Check your lockrings ladies and gents, and wear your helmets.


----------



## stove (Oct 20, 2009)

wait, how did you cut your junk doing a forward roll? that's the FIRST thing that gets tucked in, before my damn face...


----------



## readyg (Oct 20, 2009)

Im still a little baffled myself. Im guessing the hole in my boxers and the hole in my pants maybe just lined up perfectly before i hit ground.


----------



## finn (Oct 20, 2009)

I'd suspect the handle bar ends- since you implied it was a cut and not from slamming your kidneys on the ground, though I wouldn't necessarily discount that.


----------



## Loaf (Oct 20, 2009)

that is fucking FTRA man, Ha see told you leaving assville was a bad idea, at least we know it doens't have herps


----------



## bote (Oct 20, 2009)

no good at all, I´ll remember that next time I´m thinking about putting off fixing my bike.


----------



## The Cheshire (Oct 20, 2009)

This is awesome. Only because my lockring comes undone as soon as I get drunk. A good slam, bloody cock and all!


----------



## sprout (Oct 21, 2009)

I had a friend that decided to make a "fixed" cog by using lock-tite. Let's just say it was a horrid idea.
You have inspired me to stop putting off the replacement of my rear tire that I skidded to death. I am pretty sure a few more wears on that thing will have me splatted on the side of the road, myself.


----------



## Livingpastense (Oct 21, 2009)

ya ya ya and the road bike gods of many speeds and coastings are laughing saying fixies belong on the track. But that sucks you cut your junk man.


----------



## Ravie (Oct 21, 2009)

haha! hope you heal right.


----------



## readyg (Oct 21, 2009)

Livingpastense said:


> ya ya ya and the road bike gods of many speeds and coastings are laughing saying fixies belong on the track. But that sucks you cut your junk man.

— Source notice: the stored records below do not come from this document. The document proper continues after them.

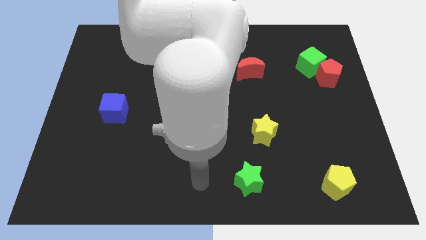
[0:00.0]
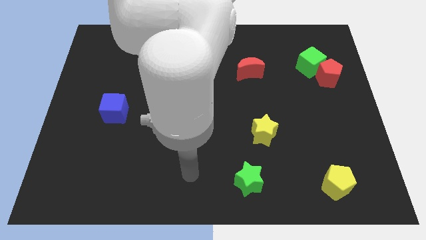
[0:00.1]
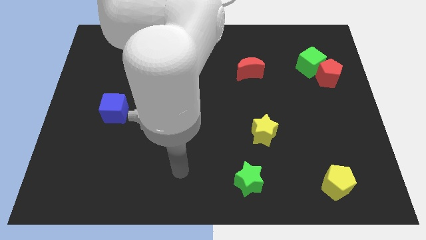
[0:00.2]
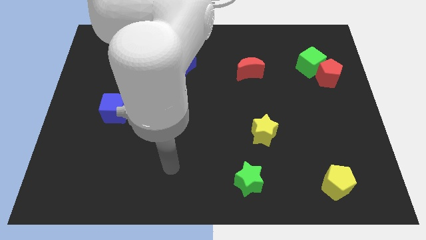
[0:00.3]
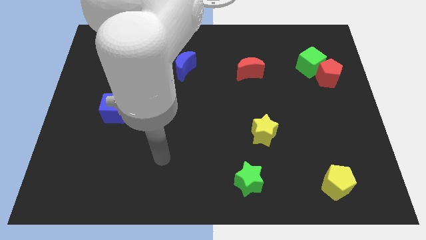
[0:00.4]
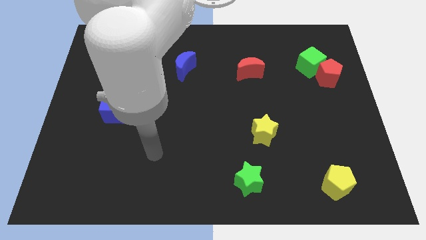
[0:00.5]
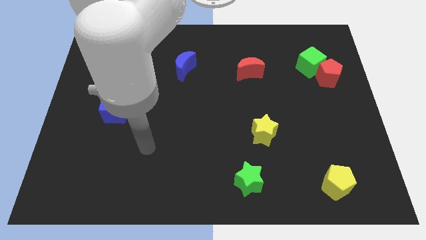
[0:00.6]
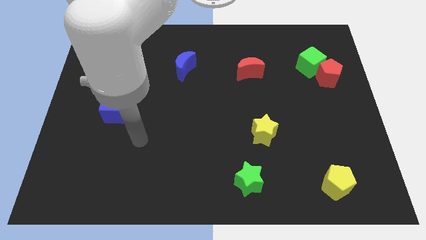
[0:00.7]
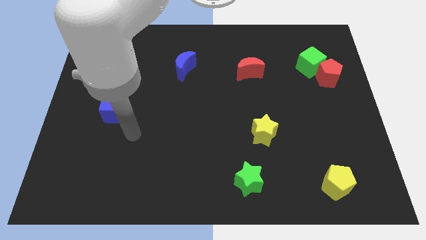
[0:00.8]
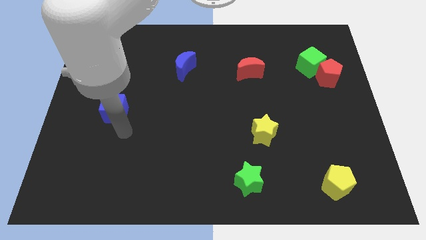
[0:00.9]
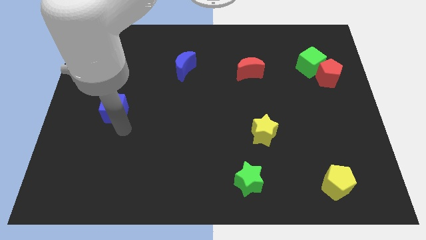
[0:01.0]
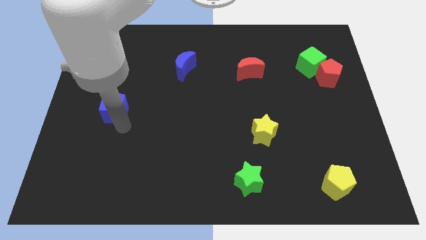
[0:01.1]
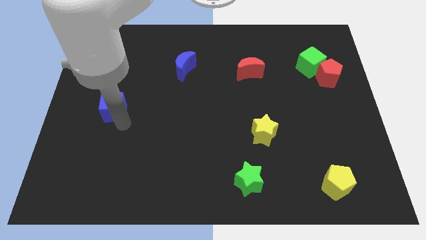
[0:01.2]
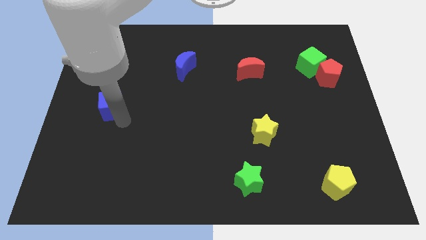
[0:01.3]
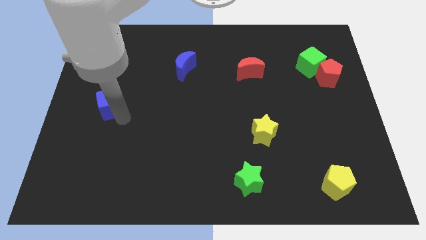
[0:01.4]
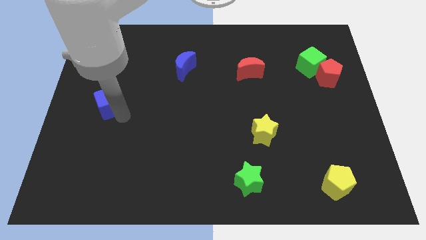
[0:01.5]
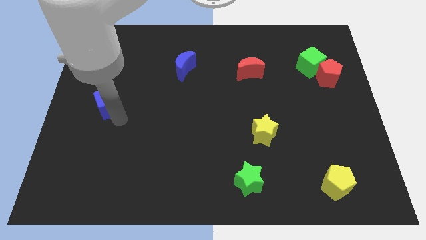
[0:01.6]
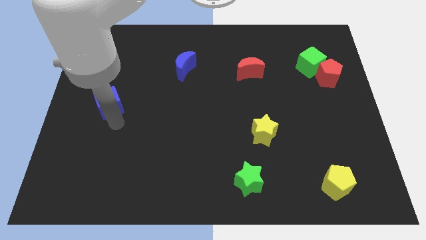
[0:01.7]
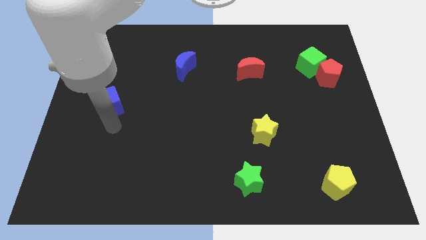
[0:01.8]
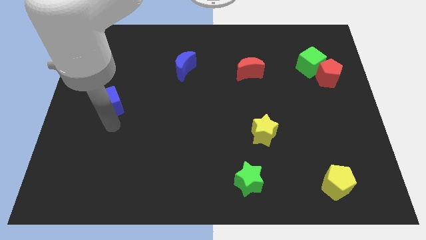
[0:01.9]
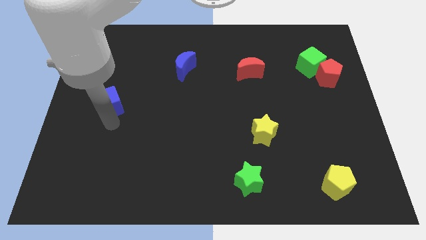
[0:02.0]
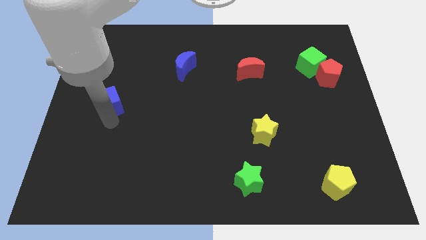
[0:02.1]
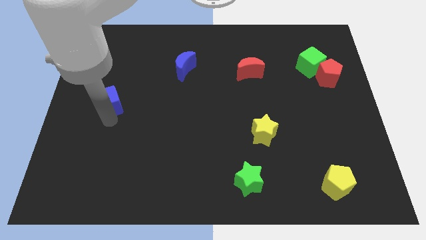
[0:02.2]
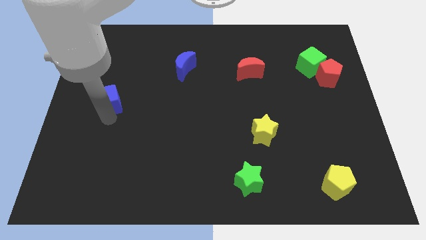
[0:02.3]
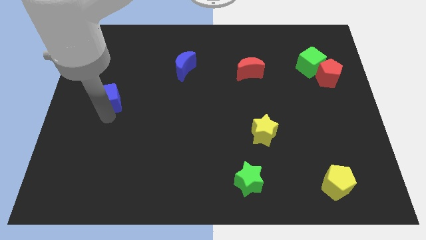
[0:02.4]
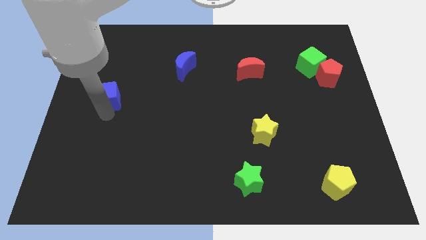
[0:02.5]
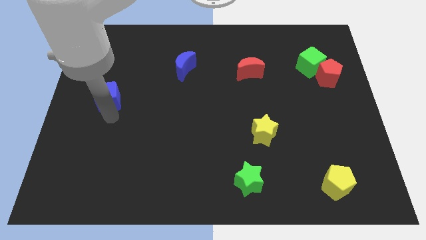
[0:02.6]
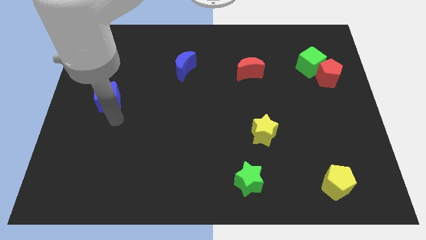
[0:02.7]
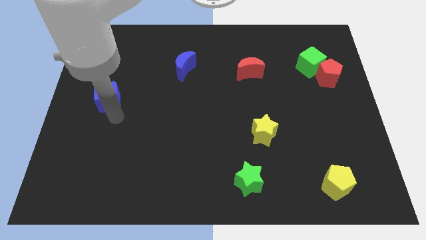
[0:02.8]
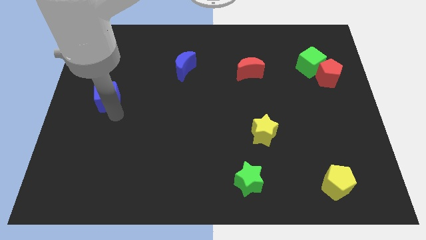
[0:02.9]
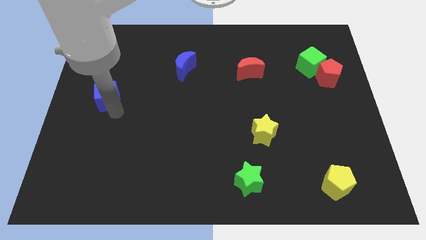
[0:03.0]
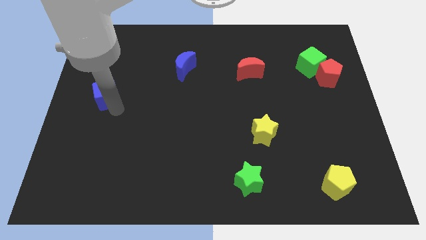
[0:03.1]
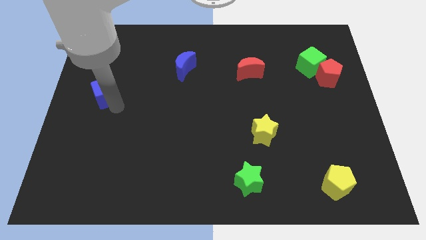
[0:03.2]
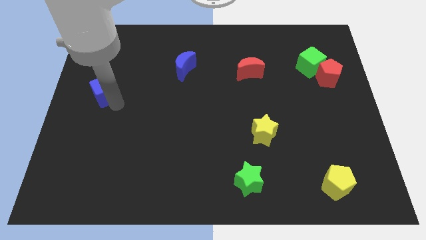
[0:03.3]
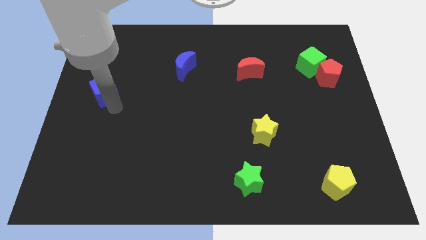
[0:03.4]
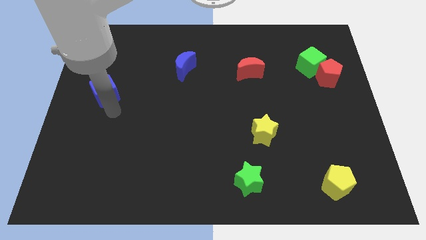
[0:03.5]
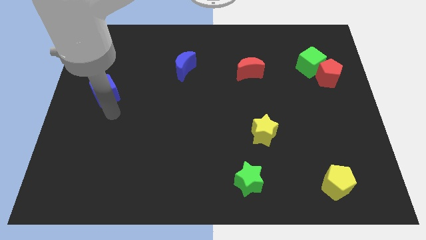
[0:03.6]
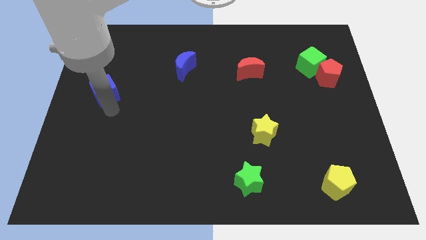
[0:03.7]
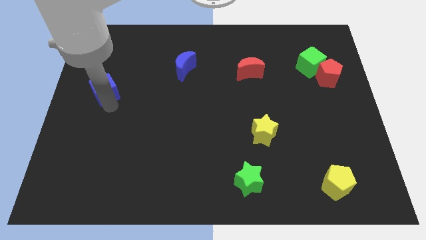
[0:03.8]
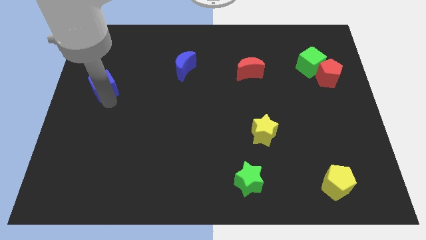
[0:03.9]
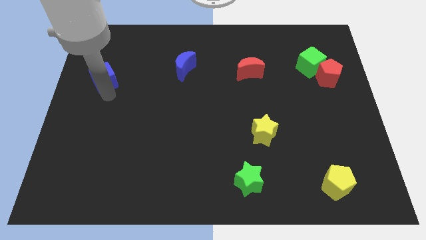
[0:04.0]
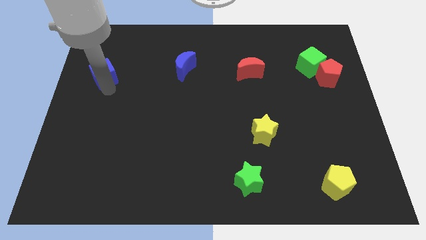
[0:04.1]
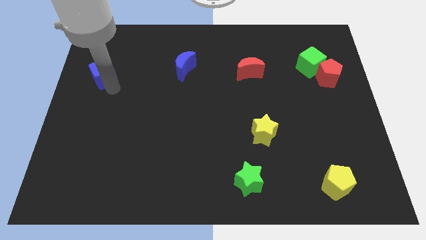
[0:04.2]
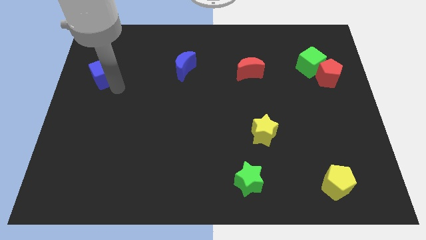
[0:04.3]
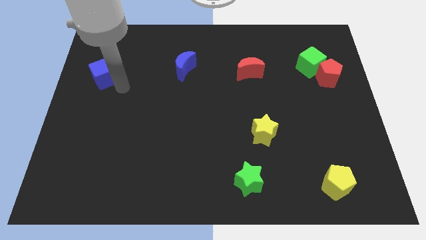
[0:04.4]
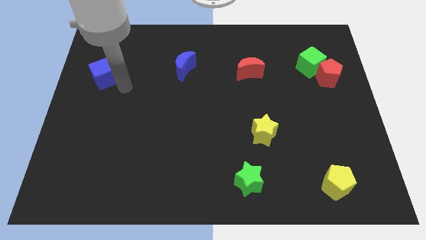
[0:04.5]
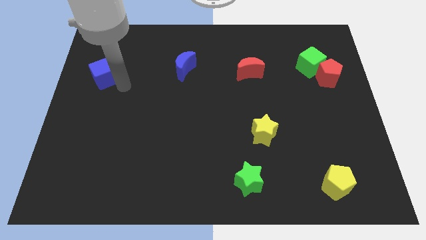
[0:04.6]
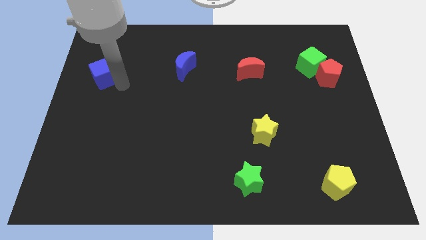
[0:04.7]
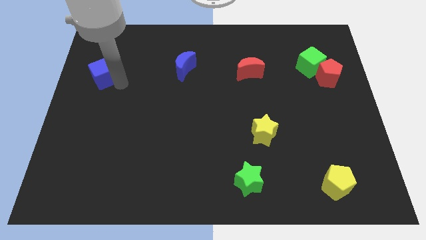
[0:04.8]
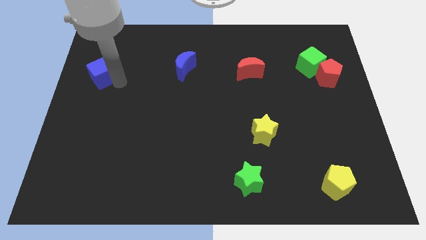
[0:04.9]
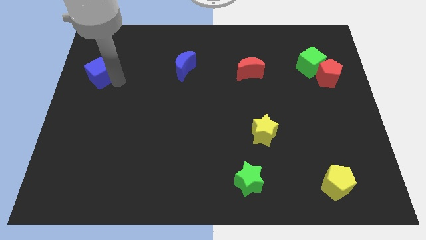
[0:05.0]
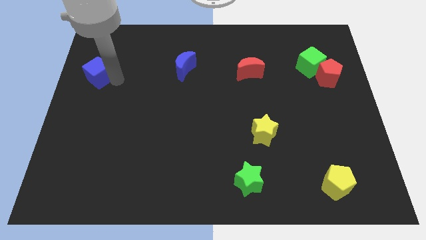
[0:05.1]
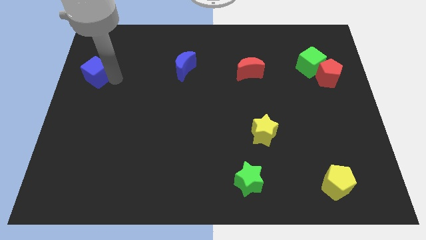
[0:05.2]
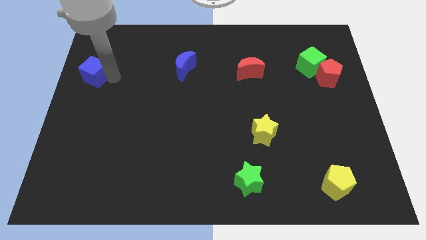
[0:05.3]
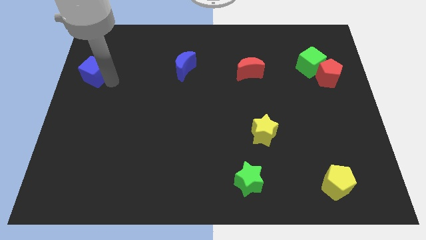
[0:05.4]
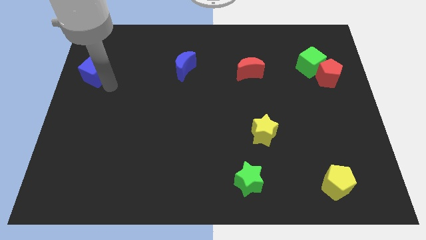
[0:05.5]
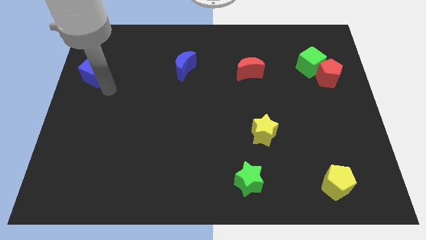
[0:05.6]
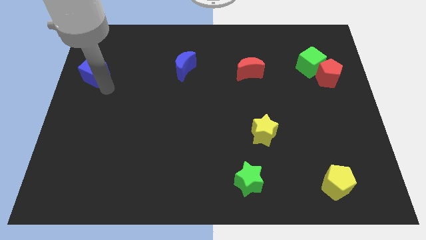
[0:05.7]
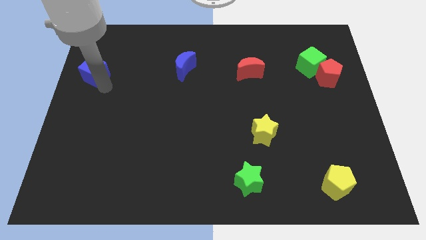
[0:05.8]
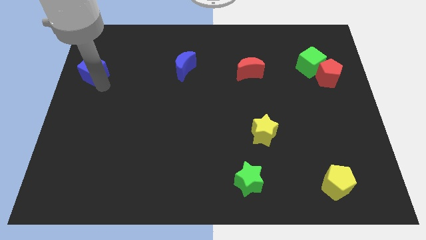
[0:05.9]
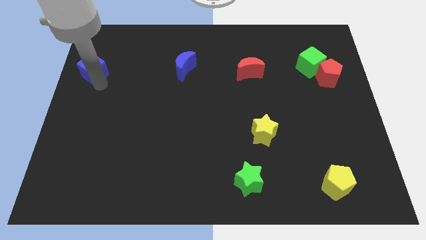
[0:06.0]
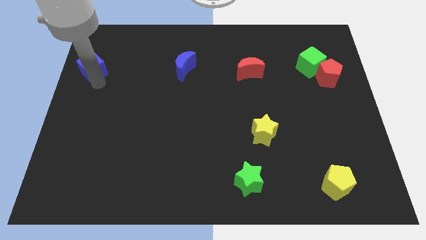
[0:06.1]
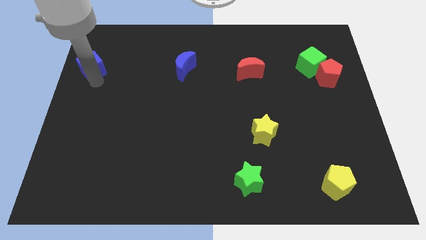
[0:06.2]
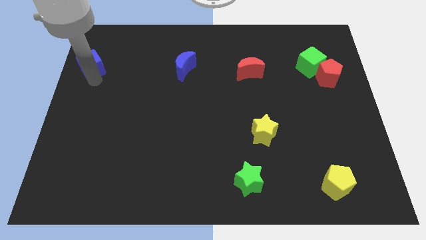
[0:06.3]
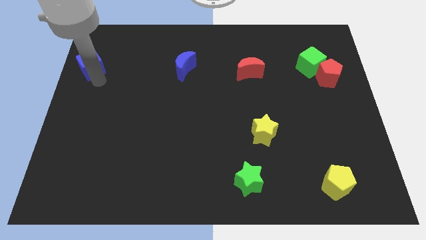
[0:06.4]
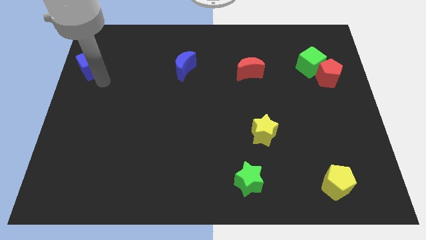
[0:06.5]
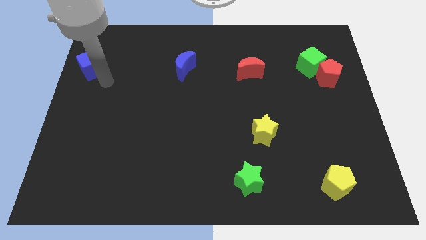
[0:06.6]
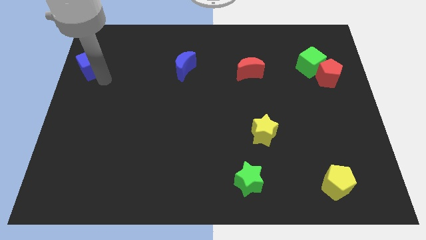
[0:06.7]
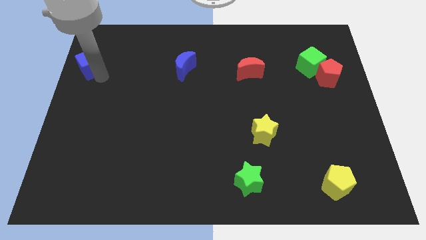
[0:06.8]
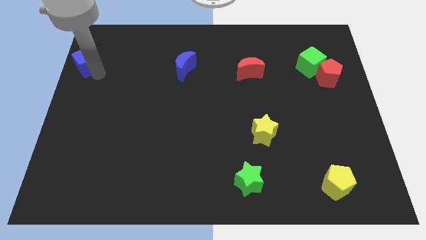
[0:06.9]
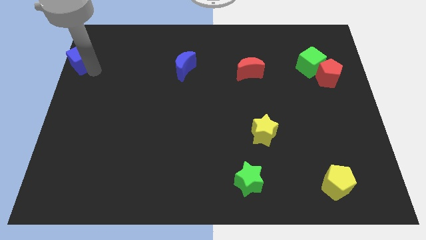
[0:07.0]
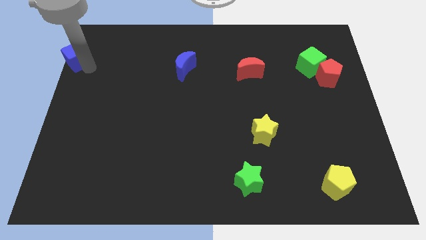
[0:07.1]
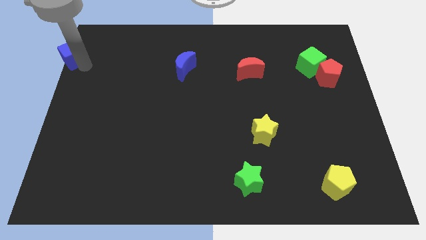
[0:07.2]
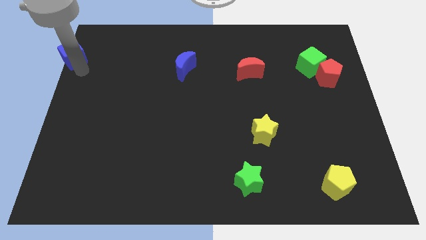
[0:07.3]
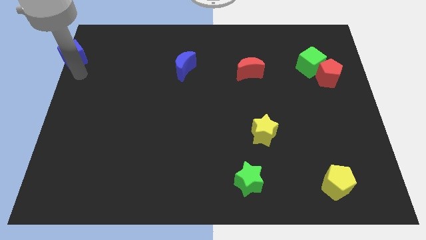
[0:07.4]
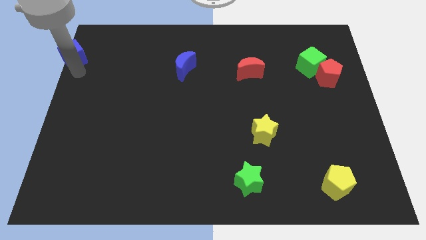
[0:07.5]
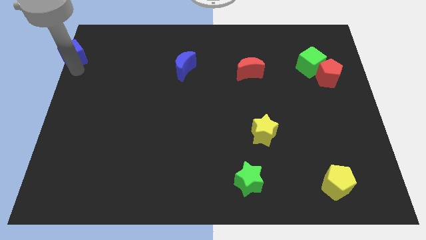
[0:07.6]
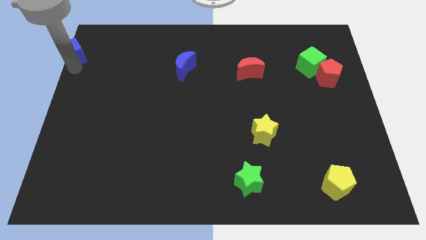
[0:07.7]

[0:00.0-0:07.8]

hahaha, this is true. though i live in flat florida, ive got an excuse. hah.

at least now if i wanted to be a scumfuck i could tell everyone my name is dickscrape or something like that.


----------



## finn (Oct 21, 2009)

Maybe you need to design a protective cup that you can cycle with! And I think Junkscraper is a better name, sounds crustier.


----------



## Mouse (Oct 24, 2009)

see, the real lesson here is to sew the holes in your pants and panties, boys!


----------



## sprout (Oct 24, 2009)

Mouse said:


> see, the real lesson here is to sew the holes in your pants and panties, boys!




http://i14.photobucket.com/albums/a332/ohnoitschlo/0098.jpg
http://i14.photobucket.com/albums/a332/ohnoitschlo/0092.jpg

Cycling is a devastating activity for even your best denim.
Padded cycling shorts for happy crotches!


----------



## WindWalker1970 (Oct 25, 2009)

I've had some bad spills off a bike before. Scrapped elbows, knees, and a bad shoulder asphalt burn,...even racked the boys once or twice but never Mr Happy. =)

Makes me cringe just thinking about that. 

Hope the healing goes well. Maybe go to the doc for some pain meds to help pass the time.=P If ever there was a case that called for meds, it would be this I say.lol.


----------



## Rash L (Nov 2, 2009)

I'm sorry... but everytime I see the title of this post, I swear it says "loose cock-ring"...


----------



## Gypsybones (Nov 2, 2009)

helmet and clothing; cause naked cycling is never a good idea no mater how much fun it sounds


----------



## marc (Nov 4, 2009)

damn reade that fuckin sucks. are you still coming to pensacola?


----------



## Rstank (Nov 5, 2009)

and if anything wear a cock helmet!


----------